Nina Bouraoui, Tous les Hommes désirent naturellement savoir, JC Lattes Editions (19€)

Une chronique d’Alain Fleitour

9782709660686-001-T

Nina Bouraoui, Tous les Hommes désirent naturellement savoirJC Lattes Editions,(19€)


Un récit émouvant comme un chant qui oscille entre l’intime et l’universel.
C’est un long poème, où l’encre dessine les creux et les silences, esquisse les vides, où le passé “étreint les autres, ceux dont l’histoire se propage à Nina Bouraoui”. C’est un assemblage de textes, plus exactement d’humeurs, de pauses et de soupirs qui s’imbriquent dans un récit, qui retourne toujours à la mer.
Ce récit “Tous les hommes désirent naturellement savoir” est une sorte de sentier initiatique où la mère de Nina est celle qui protège mais aussi celle qui porte les secrets de toute la famille, les failles et les fantômes que la jeune fille peu à peu déplient.

La narration est peut être un livre de psaumes, où il n’y pas de Dieu, mais quelque chose qui procède de l’amour. Il se vit comme une suite de chants, qui vous installe dans une méditation, une atmosphère de solitude végétative, trouble, que seule les femmes ont le droit de respirer, jusqu’à la suffocation. Nina parle de la voix de Ely page 35 “ c’est à sa voix si spéciale, que je la reconnais dans la nuit, cette forêt de femmes parmi lesquelles je me fraye un chemin pour la retrouver. »

Cette mosaïque de mots parle de son enfance, chahutée par les multiples va-et-vient de ses parents, lui est algérien, elle est bretonne, ils se sont mariés à Rennes, mais ne se sont pas installés. La narratrice retrace le parcours de ses parents, elle ne trouvera aucune empreinte, car ils ne leur restent que des souvenirs, souvent flous, les photos de la famille sont rares, ces rues obscures de son enfance pourraient même suggérer un couple en fuite ou du moins, un couple qui cherche à passer inaperçu.

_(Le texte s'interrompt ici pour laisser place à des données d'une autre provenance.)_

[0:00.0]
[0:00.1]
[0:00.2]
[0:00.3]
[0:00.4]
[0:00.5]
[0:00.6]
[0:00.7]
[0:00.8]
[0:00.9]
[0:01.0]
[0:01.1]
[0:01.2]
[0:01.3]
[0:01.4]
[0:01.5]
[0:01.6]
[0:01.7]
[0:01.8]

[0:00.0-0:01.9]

Dans ses souvenirs, elle évoque page 29 ses peurs ; dans les années 90, c’est la mort d’un médecin psychiatre qui marque le début de la « terreur algérienne. » C’est la peur encore qu’elle associe à cette femme si belle, l’épouse du Docteur, car dit-elle,   » sa femme française portait des jupes à plis, des chemisiers si fins qu’il laissait voir sa peau parsemée de taches de rousseur ; chacune d’entre elles était l’impact d’un baiser donné, un baiser du Docteur G. »

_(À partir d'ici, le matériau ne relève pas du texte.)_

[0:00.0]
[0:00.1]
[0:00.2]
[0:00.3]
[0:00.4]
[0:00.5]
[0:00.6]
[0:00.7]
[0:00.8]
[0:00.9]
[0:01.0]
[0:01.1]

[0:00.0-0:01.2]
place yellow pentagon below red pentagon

On pourrait dire aussi que ces textes, rassemble des chants d’amour, la quête inlassable de l’amour, celui que la jeune fille désire mais qu’elle a tant de mal à exprimer, à expliciter. C’est une crevasse qui s’ouvre sous elle, quand aucune de ses rencontres ne lui permet de trouver une passerelle entre son corps et ses désirs, ses désirs d’amour, son besoin d’être aimée. La fréquentation du Katmandou, club pour femmes homosexuelles, est une sorte de provocation, une présence semblable à celle que suggère le brouillard.

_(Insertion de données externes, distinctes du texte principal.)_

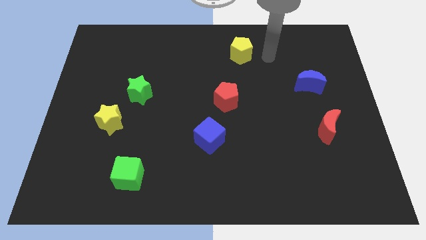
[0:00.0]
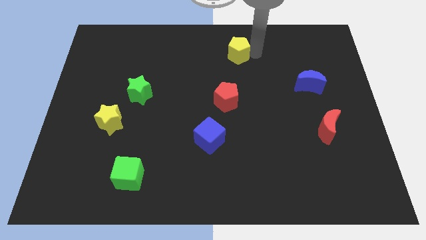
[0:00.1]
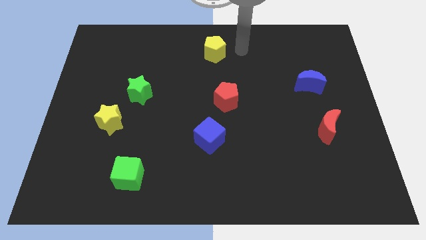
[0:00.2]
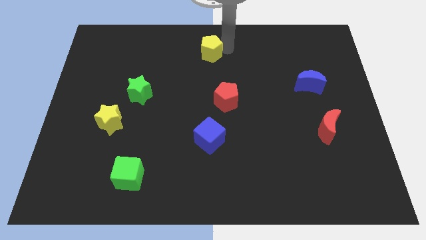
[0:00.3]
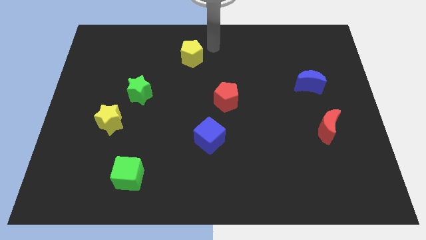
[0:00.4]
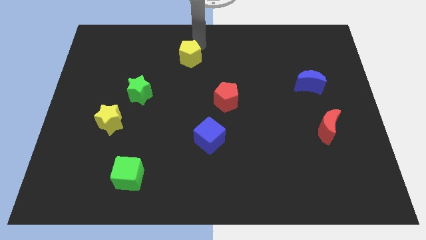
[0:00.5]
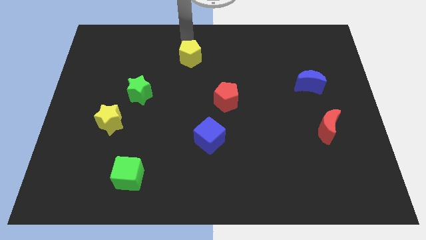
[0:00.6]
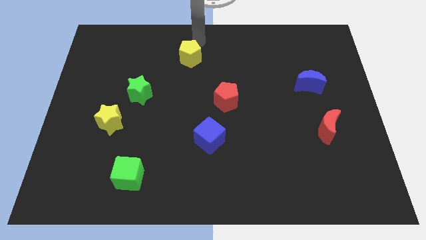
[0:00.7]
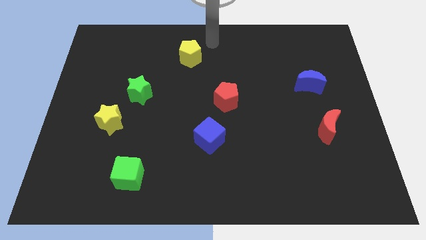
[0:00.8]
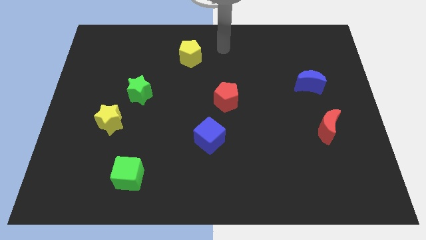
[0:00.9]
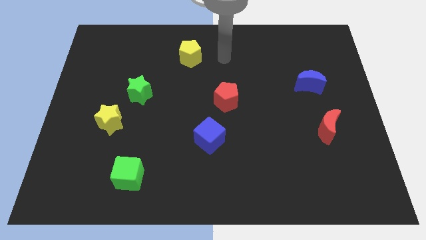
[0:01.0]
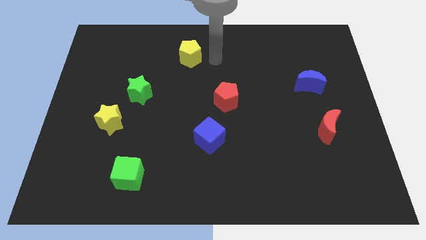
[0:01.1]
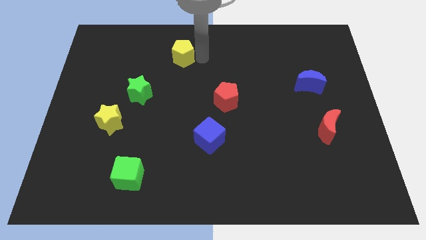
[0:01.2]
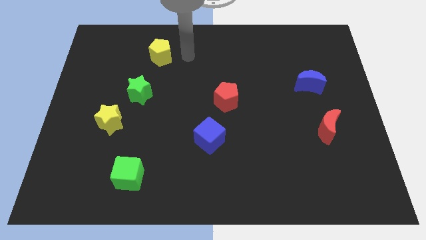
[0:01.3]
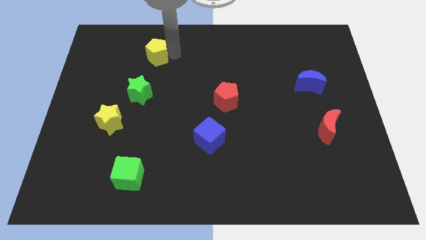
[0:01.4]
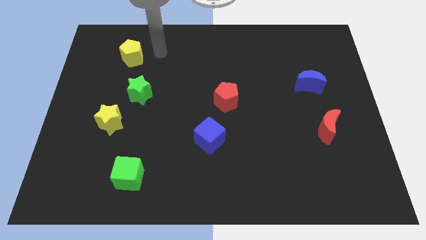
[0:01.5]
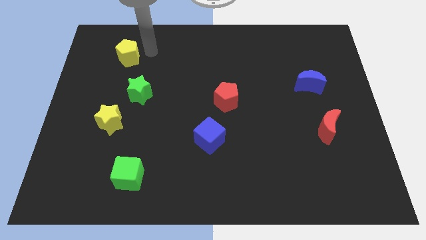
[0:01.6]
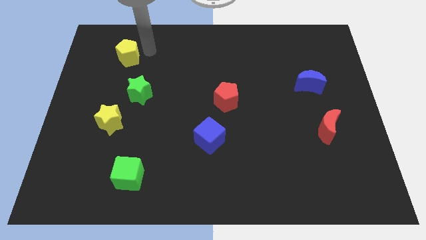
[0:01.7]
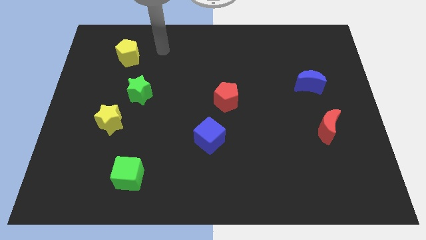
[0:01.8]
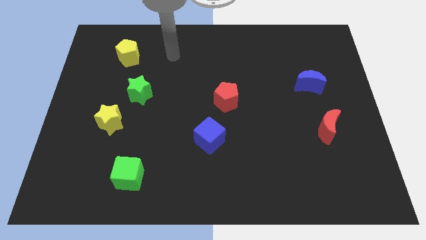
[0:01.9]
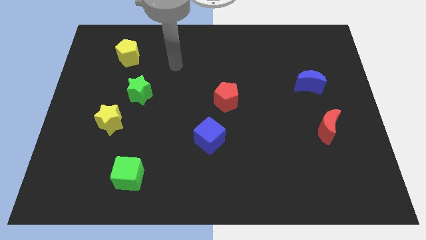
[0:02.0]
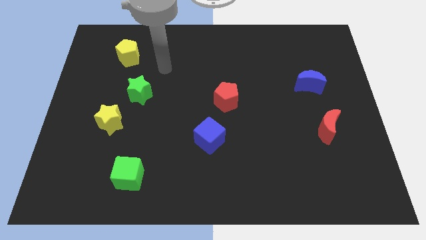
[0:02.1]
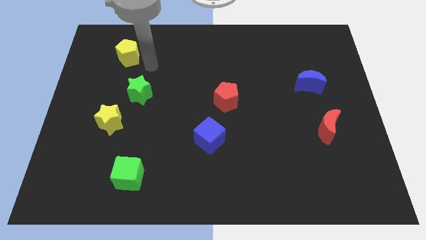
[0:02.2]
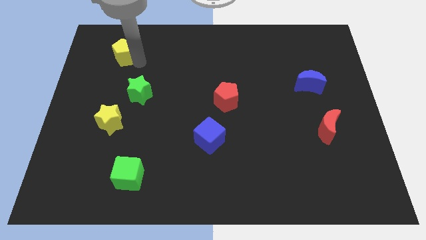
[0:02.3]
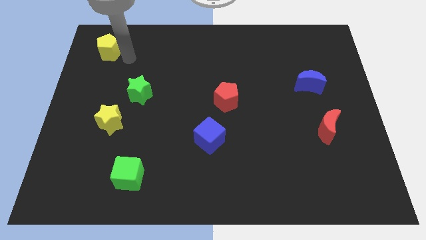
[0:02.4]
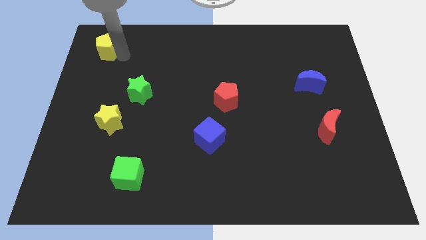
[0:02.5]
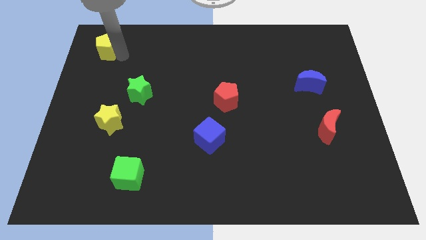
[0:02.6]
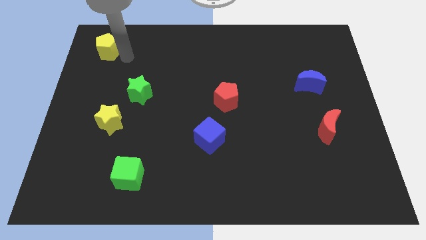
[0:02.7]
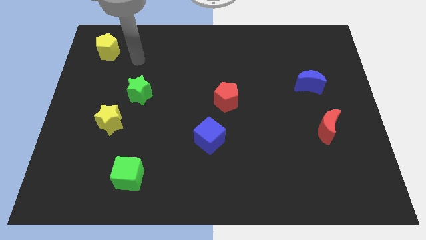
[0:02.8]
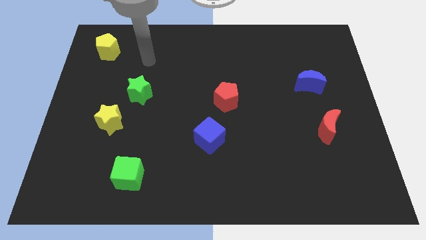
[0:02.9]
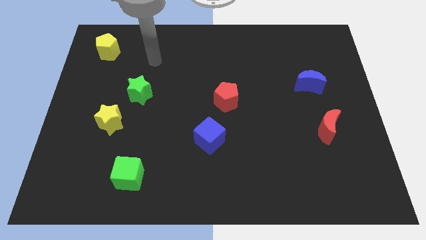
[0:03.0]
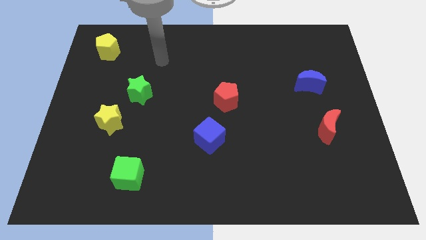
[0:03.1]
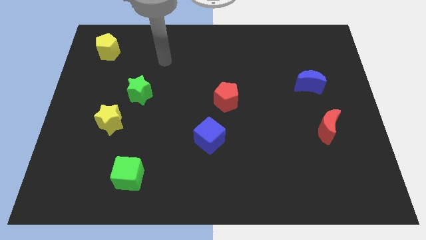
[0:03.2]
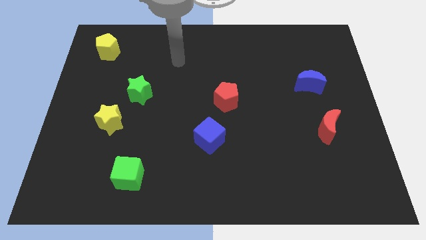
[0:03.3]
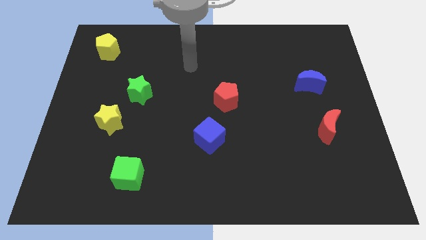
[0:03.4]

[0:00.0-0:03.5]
move the yellow pentagon to the top left corner of the board

Le chemin qu’elle trace, est celui de son adolescence, l’affirmation de ce qu’elle savait sans se l’avouer, son homosexualité, et le chemin est long, depuis la honte qu’elle éprouve, une forme de honte sociale, aux premiers émois entre les bras d’une jeune femme qui l’aime sans savoir vraiment jusqu’au ira son premier amour. Elle souligne page 89, » je dois quitter mon enfance pour exister. »

Savoir, on aimerait savoir, tout savoir de l’amour, et même l’amour de l’amour, Nina Bouraoui nous laisse quelques parcelles de ce savoir quand elle écrit :  « je désire maintenant et je suis désirée, je suis sans passé, sans avenir et sans témoins, je pourrais disparaître entre ses mains et pourtant je renais. »
Le chant envoûtant d’une jeune femme dévissant sur les fissures de l’âme.